The situation gets even more confusing if you come back to the same rain forest two years later with a net twice the size.

The paper has a figure plotting the increase in lexicon size over time. My first thought when I saw it was that it must be the case that the overall size of the corpus at each time point must also be going up. Coming back to the entomologist in the rain forest, the number of species in his net is merely a sample of how many species there are in forest. In the same exact way, the number of words in a lexicon can only be estimated by the words which people happened to write down. As you increase the size of the net, you're going to find more species which were already in the forest, but not in your net. As you increase the size of your corpus, you're going to find more words which were already in the lexicon, but not in the corpus.

Now, you need to add to this that at any given point in time, the true maximum number of possible words you could potentially observe in any given language is ∞. Yes, in fact, the whole reason language is interesting to study is because given a finite set of mental objects, and a finite set of operations to combine them, you can come up with an infinite set of stings, and that goes for words too, not just sentences. In 1951, "iPod" was a possible word of English, it just wasn't used, or at least not for the same purpose it is now.

Regarding the question of whether the "active" (as I'll call it) lexicons of languages have grown over the past 200 years, well, indeed, the overall number of printed words has also increased. Almost all of their results seem to have more to do with the technological development of publishing than it does with any other linguistic or cultural development. It is as if the entomologist said that over the past decade, the biodiversity in his rainforest has exploded, when really what's going on is his nets have been getting progressively larger.

Now, it might be the case that the active lexicon has grown more than would be expected given the increase in the size of the corpus year over year, but as far as I can tell, the authors did not try to estimate whether this was the case.

What about this cooling down?

The "cooling" effect referred to by the paper is the suggestion that as a language "grows" (which as I just said is dubious), the frequency with which particular words are used becomes more stable.
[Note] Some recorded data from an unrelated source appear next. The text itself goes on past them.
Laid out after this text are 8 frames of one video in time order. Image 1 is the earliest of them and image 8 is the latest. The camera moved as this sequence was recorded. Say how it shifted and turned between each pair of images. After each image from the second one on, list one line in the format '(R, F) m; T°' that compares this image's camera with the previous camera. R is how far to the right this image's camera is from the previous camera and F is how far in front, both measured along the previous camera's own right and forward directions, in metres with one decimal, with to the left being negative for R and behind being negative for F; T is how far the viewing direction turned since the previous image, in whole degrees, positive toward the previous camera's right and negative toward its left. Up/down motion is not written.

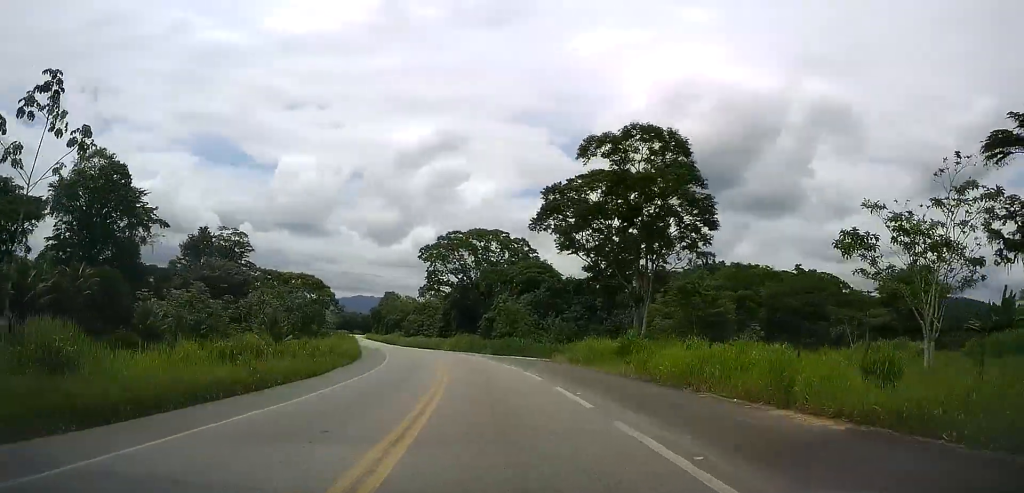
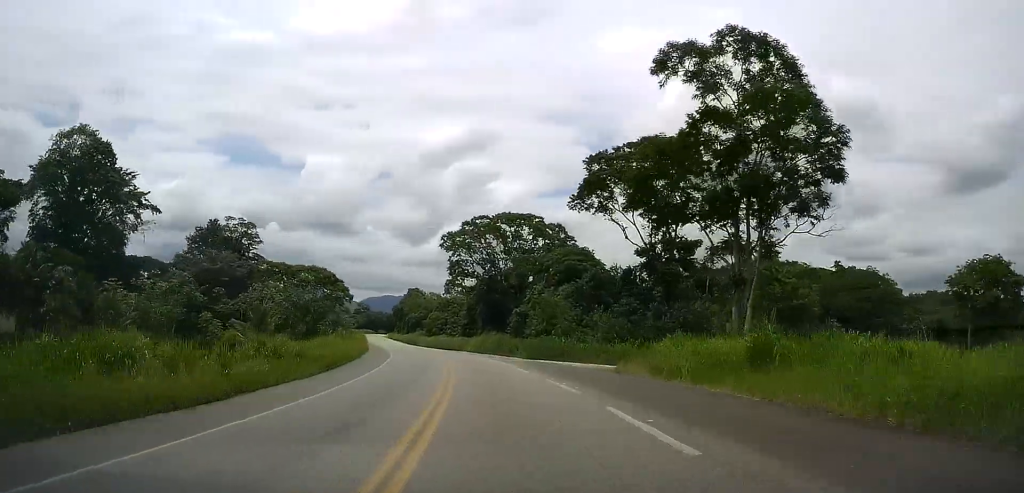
(-0.4, +13.1) m; -3°
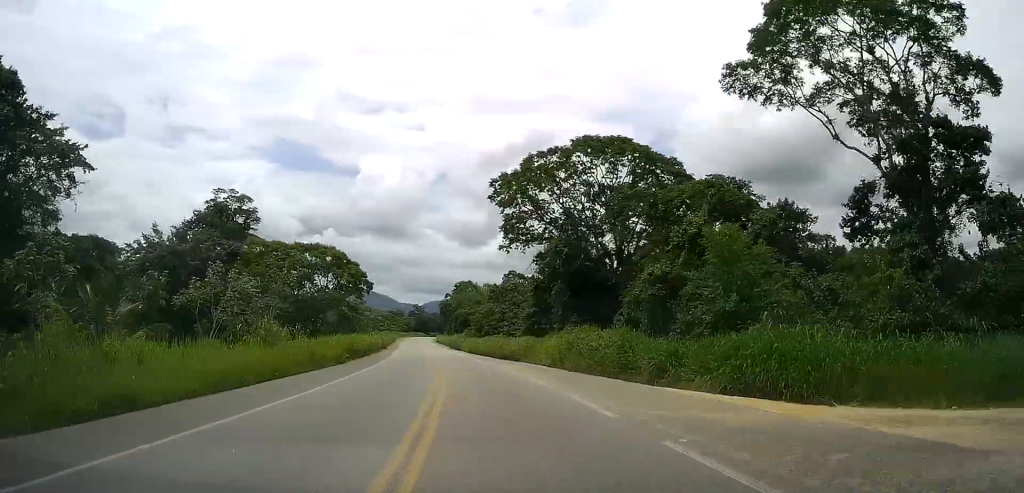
(-2.1, +34.5) m; -7°
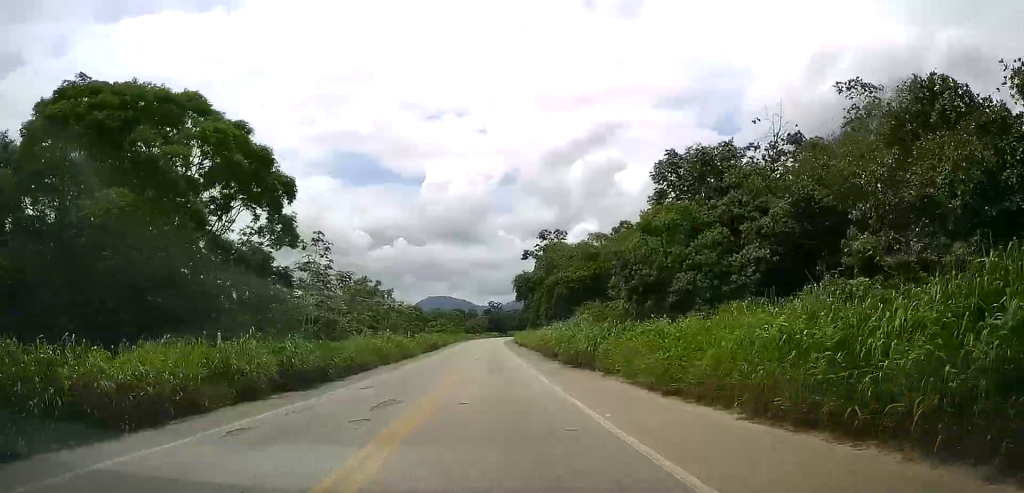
(-4.5, +61.3) m; -9°
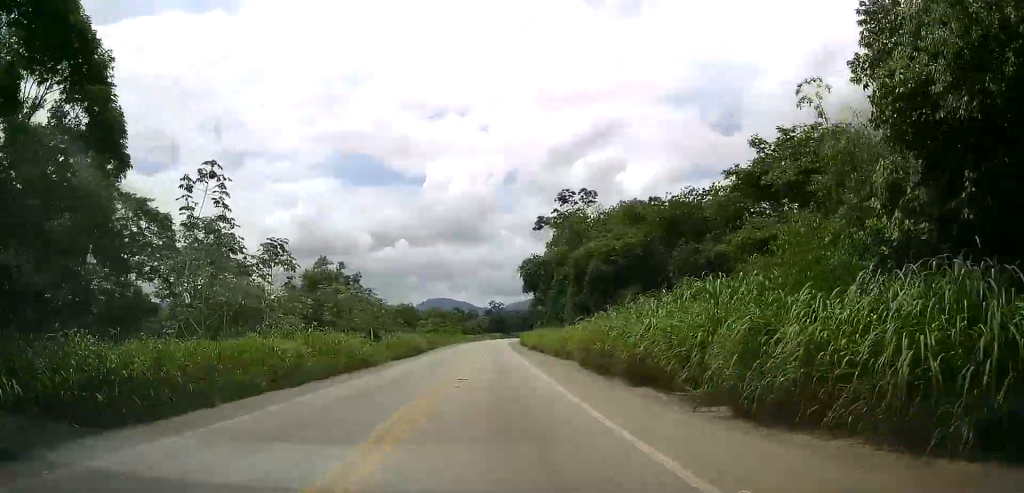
(-1.0, +19.6) m; -2°
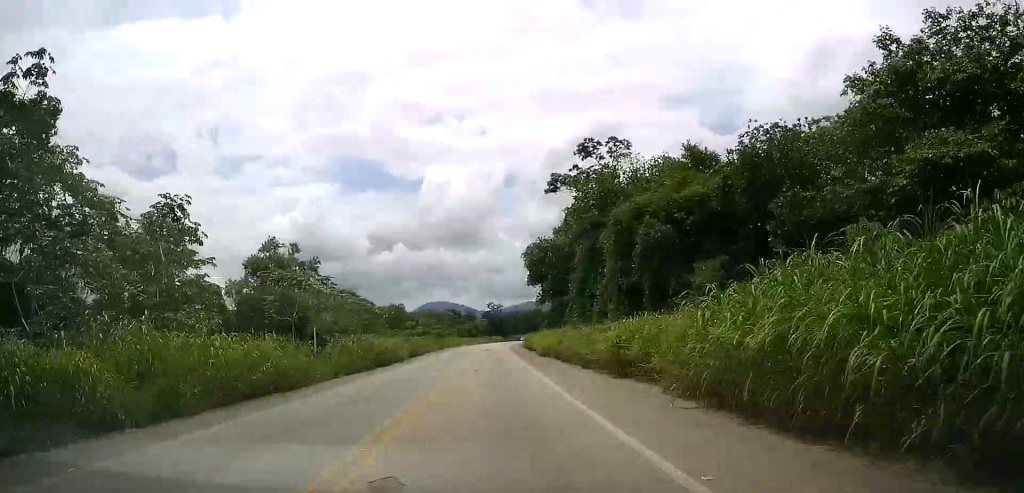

Some words are more frequent than others, but words are less likely to move up and down in frequency over time/as the lexicon grows. Back to entomology, the suggestion is that as more species cram into a rainforest, each species is less likely to become more or less populous.

Again, though, the frequency, even relatively frequency, of a word in a corpus is merely an estimate of its true frequency. As the size of the corpus increases, so should the reliability of its frequency estimates, and we would predict decreasing volatility of those frequency estimates. The authors check for this, and find exactly this relationship between corpus size and frequency volatility, but I can't tell whether there was excess "cooling" left over. I wish they had said, "there was x proportion of cooling left unaccounted for by simply accounting for the size of the corpus," but I think this is perhaps another symptom of the assumption that the corpus=the lexicon=the language that I complained about before.

The Allure of Big Data

The reporter who wrote the Inside Science article did what it appears that the editors of Scientific Reports did not, asked a linguist to comment on the paper. Bill Kretzschmar was "underwhelmed," saying that most of these results are not new to linguists. I would take this as a word of warning about the allure of big data. The results discussed in this paper are not, by and large, new, but rather have never been done with data of this scale. But unfortunately, a fact which is already known does not get more interesting when it is reestablished with data 100 or 1000 times larger than before.